Adrienne C. Scheck, PhD
Barrow Neurological Institute
Dr. Scheck’s lab her current research is to identify novel genes involved in this resistance through the use of a variety of molecular biology techniques, and to identify molecular markers for the diagnosis and prognosis of gliomas and meningiomas.
Charles Eberhart, MD, PhD
Johns Hopkins University
Dr. Eberhart‘s laboratory was focused on understanding the molecular basis of medulloblastomas.

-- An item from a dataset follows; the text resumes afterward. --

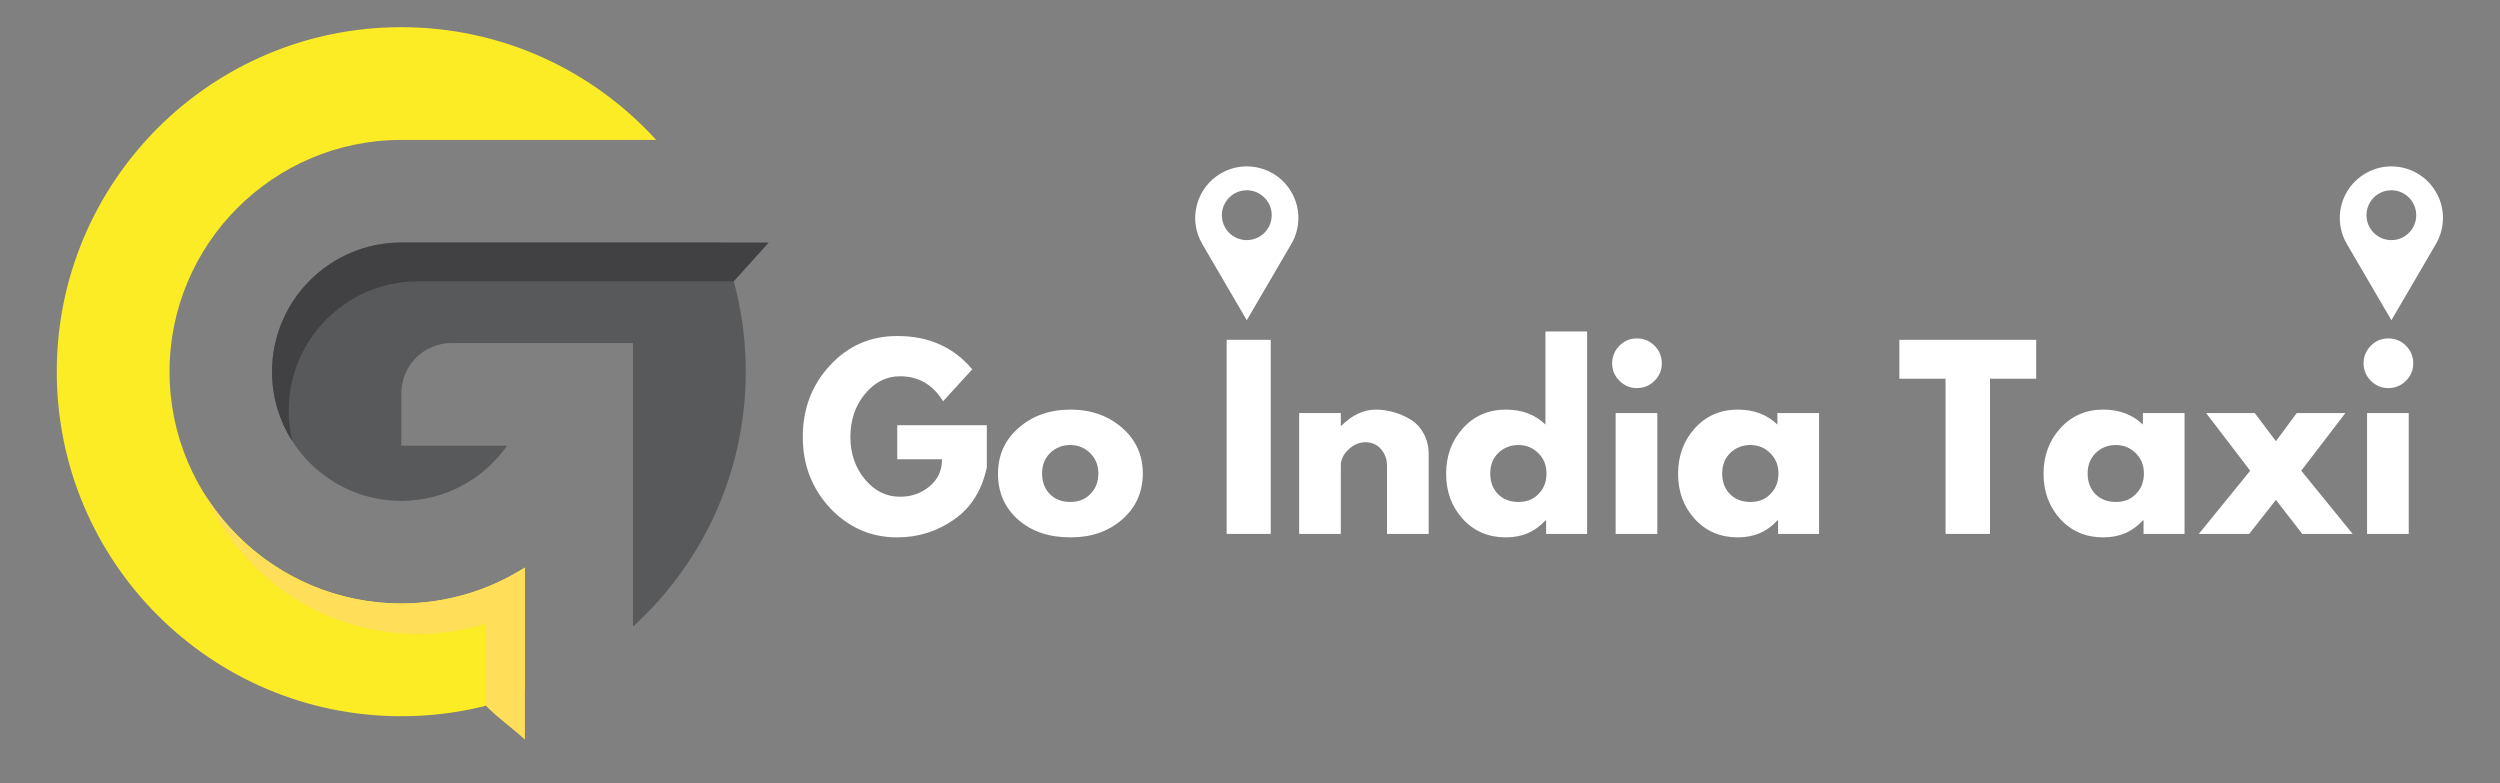 <svg xmlns="http://www.w3.org/2000/svg" xmlns:xlink="http://www.w3.org/1999/xlink" width="150" zoomAndPan="magnify" viewBox="0 0 112.5 35.25" height="47" preserveAspectRatio="xMidYMid meet" version="1.0"><rect x="0" y="0" width="112.5" height="35.25" fill="#808080" stroke="none"/><defs><g/><clipPath id="54845751a6"><path d="M 12 10 L 34.855 10 L 34.855 20 L 12 20 Z M 12 10 " clip-rule="nonzero"/></clipPath><clipPath id="fc6b28692d"><path d="M 2.543 1.223 L 30 1.223 L 30 33 L 2.543 33 Z M 2.543 1.223 " clip-rule="nonzero"/></clipPath><clipPath id="2a79efd9aa"><path d="M 9 22 L 24 22 L 24 33.535 L 9 33.535 Z M 9 22 " clip-rule="nonzero"/></clipPath><clipPath id="13ab748d17"><path d="M 53.453 7.156 L 58.594 7.156 L 58.594 14.5 L 53.453 14.5 Z M 53.453 7.156 " clip-rule="nonzero"/></clipPath><clipPath id="afc27b52f0"><path d="M 105 7.156 L 110 7.156 L 110 14.5 L 105 14.5 Z M 105 7.156 " clip-rule="nonzero"/></clipPath></defs><path fill="#58595b" d="M 18.055 10.914 C 14.852 10.914 12.242 13.52 12.242 16.727 C 12.242 19.934 14.852 22.539 18.055 22.539 C 20.027 22.539 21.77 21.555 22.82 20.055 L 18.059 20.055 L 18.059 17.699 C 18.059 16.453 19.07 15.438 20.32 15.438 L 28.484 15.438 L 28.484 28.195 C 31.602 25.359 33.559 21.273 33.559 16.727 C 33.559 14.672 33.16 12.707 32.43 10.914 Z M 18.055 10.914 " fill-opacity="1" fill-rule="nonzero"/><g clip-path="url(#54845751a6)"><path fill="#414042" d="M 18.055 10.914 C 14.852 10.914 12.242 13.52 12.242 16.727 C 12.242 17.875 12.578 18.949 13.156 19.852 C 13.051 19.41 12.992 18.949 12.992 18.473 C 12.992 15.266 15.598 12.66 18.805 12.66 L 33.02 12.66 L 34.594 10.914 Z M 18.055 10.914 " fill-opacity="1" fill-rule="nonzero"/></g><g clip-path="url(#fc6b28692d)"><path fill="#fcec26" d="M 23.621 25.539 C 22.008 26.562 20.102 27.156 18.055 27.156 C 12.305 27.156 7.629 22.477 7.629 16.727 C 7.629 10.977 12.305 6.297 18.055 6.297 L 29.527 6.297 C 26.691 3.18 22.602 1.223 18.055 1.223 C 9.496 1.223 2.555 8.164 2.555 16.727 C 2.555 25.289 9.496 32.23 18.055 32.23 C 20.02 32.23 21.895 31.867 23.621 31.199 Z M 23.621 25.539 " fill-opacity="1" fill-rule="nonzero"/></g><g clip-path="url(#2a79efd9aa)"><path fill="#ffde59" d="M 23.621 25.539 C 22.008 26.562 20.102 27.156 18.055 27.156 C 14.387 27.156 11.156 25.25 9.297 22.375 C 10.934 26 14.578 28.527 18.805 28.527 C 19.871 28.527 20.898 28.363 21.867 28.066 C 21.867 29.641 21.867 31.426 21.867 31.758 C 22.324 32.242 23.031 32.742 23.621 33.281 C 23.621 33.039 23.621 32.348 23.621 31.473 C 23.621 30.219 23.621 28.578 23.621 27.344 Z M 23.621 25.539 " fill-opacity="1" fill-rule="nonzero"/></g><g clip-path="url(#13ab748d17)"><path fill="#ffffff" d="M 56.105 10.805 C 55.488 10.805 54.984 10.305 54.984 9.684 C 54.984 9.066 55.488 8.562 56.105 8.562 C 56.723 8.562 57.227 9.066 57.227 9.684 C 57.227 10.305 56.723 10.805 56.105 10.805 Z M 58.109 8.637 C 57.465 7.531 56.039 7.156 54.934 7.805 C 53.828 8.453 53.453 9.875 54.102 10.98 L 56.105 14.41 L 58.109 10.98 C 58.52 10.281 58.547 9.387 58.109 8.637 " fill-opacity="1" fill-rule="nonzero"/></g><g clip-path="url(#afc27b52f0)"><path fill="#ffffff" d="M 107.613 10.805 C 106.992 10.805 106.492 10.305 106.492 9.684 C 106.492 9.066 106.992 8.562 107.613 8.562 C 108.23 8.562 108.73 9.066 108.73 9.684 C 108.73 10.305 108.23 10.805 107.613 10.805 Z M 109.617 8.637 C 108.969 7.531 107.547 7.156 106.441 7.805 C 105.332 8.453 104.961 9.875 105.609 10.98 L 107.613 14.41 L 109.617 10.98 C 110.023 10.281 110.055 9.387 109.617 8.637 " fill-opacity="1" fill-rule="nonzero"/></g><g fill="#ffffff" fill-opacity="1"><g transform="translate(35.876, 24.026)"><g><path d="M 8.531 -4.891 L 8.531 -3 C 8.312 -1.957 7.816 -1.172 7.047 -0.641 C 6.285 -0.109 5.438 0.156 4.5 0.156 C 3.32 0.156 2.316 -0.281 1.484 -1.156 C 0.66 -2.039 0.25 -3.109 0.25 -4.359 C 0.25 -5.629 0.656 -6.703 1.469 -7.578 C 2.281 -8.461 3.289 -8.906 4.5 -8.906 C 5.914 -8.906 7.039 -8.406 7.875 -7.406 L 6.562 -5.969 C 6.102 -6.719 5.457 -7.094 4.625 -7.094 C 4.008 -7.094 3.484 -6.828 3.047 -6.297 C 2.609 -5.766 2.391 -5.117 2.391 -4.359 C 2.391 -3.617 2.609 -2.984 3.047 -2.453 C 3.484 -1.93 4.008 -1.672 4.625 -1.672 C 5.125 -1.672 5.562 -1.82 5.938 -2.125 C 6.32 -2.438 6.516 -2.848 6.516 -3.359 L 4.5 -3.359 L 4.5 -4.891 Z M 8.531 -4.891 "/></g></g></g><g fill="#ffffff" fill-opacity="1"><g transform="translate(44.66, 24.026)"><g><path d="M 1.156 -0.641 C 0.551 -1.18 0.25 -1.867 0.25 -2.703 C 0.25 -3.547 0.562 -4.238 1.188 -4.781 C 1.812 -5.32 2.586 -5.594 3.516 -5.594 C 4.43 -5.594 5.203 -5.32 5.828 -4.781 C 6.453 -4.238 6.766 -3.551 6.766 -2.719 C 6.766 -1.883 6.457 -1.195 5.844 -0.656 C 5.227 -0.113 4.453 0.156 3.516 0.156 C 2.547 0.156 1.758 -0.109 1.156 -0.641 Z M 2.594 -3.641 C 2.352 -3.398 2.234 -3.094 2.234 -2.719 C 2.234 -2.344 2.348 -2.035 2.578 -1.797 C 2.816 -1.555 3.125 -1.438 3.5 -1.438 C 3.875 -1.438 4.176 -1.555 4.406 -1.797 C 4.645 -2.035 4.766 -2.344 4.766 -2.719 C 4.766 -3.094 4.641 -3.398 4.391 -3.641 C 4.148 -3.879 3.852 -4 3.5 -4 C 3.145 -4 2.844 -3.879 2.594 -3.641 Z M 2.594 -3.641 "/></g></g></g><g fill="#ffffff" fill-opacity="1"><g transform="translate(51.665, 24.026)"><g/></g></g><g fill="#ffffff" fill-opacity="1"><g transform="translate(54.558, 24.026)"><g><path d="M 2.625 -8.734 L 2.625 0 L 0.641 0 L 0.641 -8.734 Z M 2.625 -8.734 "/></g></g></g><g fill="#ffffff" fill-opacity="1"><g transform="translate(57.821, 24.026)"><g><path d="M 0.641 0 L 0.641 -5.438 L 2.516 -5.438 L 2.516 -4.859 L 2.531 -4.859 C 3.02 -5.348 3.539 -5.594 4.094 -5.594 C 4.352 -5.594 4.613 -5.555 4.875 -5.484 C 5.145 -5.41 5.398 -5.301 5.641 -5.156 C 5.891 -5.008 6.086 -4.801 6.234 -4.531 C 6.391 -4.258 6.469 -3.941 6.469 -3.578 L 6.469 0 L 4.594 0 L 4.594 -3.078 C 4.594 -3.359 4.504 -3.602 4.328 -3.812 C 4.148 -4.02 3.914 -4.125 3.625 -4.125 C 3.344 -4.125 3.086 -4.016 2.859 -3.797 C 2.629 -3.578 2.516 -3.336 2.516 -3.078 L 2.516 0 Z M 0.641 0 "/></g></g></g><g fill="#ffffff" fill-opacity="1"><g transform="translate(64.826, 24.026)"><g><path d="M 1 -0.672 C 0.5 -1.223 0.25 -1.898 0.25 -2.703 C 0.25 -3.516 0.5 -4.195 1 -4.75 C 1.508 -5.312 2.156 -5.594 2.938 -5.594 C 3.664 -5.594 4.258 -5.367 4.719 -4.922 L 4.719 -9.109 L 6.594 -9.109 L 6.594 0 L 4.75 0 L 4.75 -0.609 L 4.719 -0.609 C 4.258 -0.098 3.664 0.156 2.938 0.156 C 2.156 0.156 1.508 -0.117 1 -0.672 Z M 2.594 -3.641 C 2.352 -3.398 2.234 -3.094 2.234 -2.719 C 2.234 -2.344 2.348 -2.035 2.578 -1.797 C 2.816 -1.555 3.125 -1.438 3.5 -1.438 C 3.875 -1.438 4.176 -1.555 4.406 -1.797 C 4.645 -2.035 4.766 -2.344 4.766 -2.719 C 4.766 -3.094 4.641 -3.398 4.391 -3.641 C 4.148 -3.879 3.852 -4 3.5 -4 C 3.145 -4 2.844 -3.879 2.594 -3.641 Z M 2.594 -3.641 "/></g></g></g><g fill="#ffffff" fill-opacity="1"><g transform="translate(72.063, 24.026)"><g><path d="M 0.812 -8.469 C 1.031 -8.688 1.289 -8.797 1.594 -8.797 C 1.906 -8.797 2.172 -8.688 2.391 -8.469 C 2.609 -8.25 2.719 -7.984 2.719 -7.672 C 2.719 -7.367 2.609 -7.109 2.391 -6.891 C 2.172 -6.672 1.906 -6.562 1.594 -6.562 C 1.289 -6.562 1.031 -6.672 0.812 -6.891 C 0.594 -7.109 0.484 -7.367 0.484 -7.672 C 0.484 -7.984 0.594 -8.25 0.812 -8.469 Z M 0.641 -5.438 L 0.641 0 L 2.516 0 L 2.516 -5.438 Z M 0.641 -5.438 "/></g></g></g><g fill="#ffffff" fill-opacity="1"><g transform="translate(75.264, 24.026)"><g><path d="M 1 -0.672 C 0.5 -1.223 0.25 -1.898 0.25 -2.703 C 0.25 -3.516 0.5 -4.195 1 -4.75 C 1.508 -5.312 2.156 -5.594 2.938 -5.594 C 3.664 -5.594 4.258 -5.367 4.719 -4.922 L 4.719 -5.438 L 6.594 -5.438 L 6.594 0 L 4.75 0 L 4.75 -0.609 L 4.719 -0.609 C 4.258 -0.098 3.664 0.156 2.938 0.156 C 2.156 0.156 1.508 -0.117 1 -0.672 Z M 2.594 -3.641 C 2.352 -3.398 2.234 -3.094 2.234 -2.719 C 2.234 -2.344 2.348 -2.035 2.578 -1.797 C 2.816 -1.555 3.125 -1.438 3.5 -1.438 C 3.875 -1.438 4.176 -1.555 4.406 -1.797 C 4.645 -2.035 4.766 -2.344 4.766 -2.719 C 4.766 -3.094 4.641 -3.398 4.391 -3.641 C 4.148 -3.879 3.852 -4 3.5 -4 C 3.145 -4 2.844 -3.879 2.594 -3.641 Z M 2.594 -3.641 "/></g></g></g><g fill="#ffffff" fill-opacity="1"><g transform="translate(82.501, 24.026)"><g/></g></g><g fill="#ffffff" fill-opacity="1"><g transform="translate(85.394, 24.026)"><g><path d="M 0.078 -6.984 L 0.078 -8.734 L 6.234 -8.734 L 6.234 -6.984 L 4.156 -6.984 L 4.156 0 L 2.156 0 L 2.156 -6.984 Z M 0.078 -6.984 "/></g></g></g><g fill="#ffffff" fill-opacity="1"><g transform="translate(91.71, 24.026)"><g><path d="M 1 -0.672 C 0.5 -1.223 0.25 -1.898 0.25 -2.703 C 0.25 -3.516 0.5 -4.195 1 -4.75 C 1.508 -5.312 2.156 -5.594 2.938 -5.594 C 3.664 -5.594 4.258 -5.367 4.719 -4.922 L 4.719 -5.438 L 6.594 -5.438 L 6.594 0 L 4.75 0 L 4.75 -0.609 L 4.719 -0.609 C 4.258 -0.098 3.664 0.156 2.938 0.156 C 2.156 0.156 1.508 -0.117 1 -0.672 Z M 2.594 -3.641 C 2.352 -3.398 2.234 -3.094 2.234 -2.719 C 2.234 -2.344 2.348 -2.035 2.578 -1.797 C 2.816 -1.555 3.125 -1.438 3.5 -1.438 C 3.875 -1.438 4.176 -1.555 4.406 -1.797 C 4.645 -2.035 4.766 -2.344 4.766 -2.719 C 4.766 -3.094 4.641 -3.398 4.391 -3.641 C 4.148 -3.879 3.852 -4 3.5 -4 C 3.145 -4 2.844 -3.879 2.594 -3.641 Z M 2.594 -3.641 "/></g></g></g><g fill="#ffffff" fill-opacity="1"><g transform="translate(98.947, 24.026)"><g><path d="M 6.922 0 L 4.656 0 L 3.469 -1.531 L 2.266 0 L 0 0 L 2.312 -2.844 L 0.328 -5.438 L 2.516 -5.438 L 3.469 -4.172 L 4.406 -5.438 L 6.594 -5.438 L 4.609 -2.844 Z M 6.922 0 "/></g></g></g><g fill="#ffffff" fill-opacity="1"><g transform="translate(105.877, 24.026)"><g><path d="M 0.812 -8.469 C 1.031 -8.688 1.289 -8.797 1.594 -8.797 C 1.906 -8.797 2.172 -8.688 2.391 -8.469 C 2.609 -8.25 2.719 -7.984 2.719 -7.672 C 2.719 -7.367 2.609 -7.109 2.391 -6.891 C 2.172 -6.672 1.906 -6.562 1.594 -6.562 C 1.289 -6.562 1.031 -6.672 0.812 -6.891 C 0.594 -7.109 0.484 -7.367 0.484 -7.672 C 0.484 -7.984 0.594 -8.25 0.812 -8.469 Z M 0.641 -5.438 L 0.641 0 L 2.516 0 L 2.516 -5.438 Z M 0.641 -5.438 "/></g></g></g></svg>

Myrna R. Rosenfeld, MD, PhD
University of Pennsylvania
Dr. Rosenfeld’s research was on “Novel Approaches to Angiogenesis Inhibition in Experimental Glioma.”
Allen E. Bale, MD
Yale University School of Medicine
Dr. Bale’s research was on “The Hedgehog Pathway in Medullablastoma.”
Daniel W. Fults, MD
University of Utah School of Medicine
Dr. Fults’ project was “Somatic Cell Gene Transfer to Model Medullablastoma.”
James Waschek, PhD
University of California Los Angeles
Dr. Waschek is utilizing genetically engineered mice to study the role of STAT3 in medulloblastoma immune evasion. Model systems are created to mimic the molecular, cellular and biological characteristics of human tumors in order to better understand the tumor biology and test therapies.
Robert Wechsler-Reya, PhD
Dr. Wechsler-Reya works on pediatric brain tumors to gain a better understanding of how these tumors develop, with the ultimate goal of discovering more effective therapies against these cancers.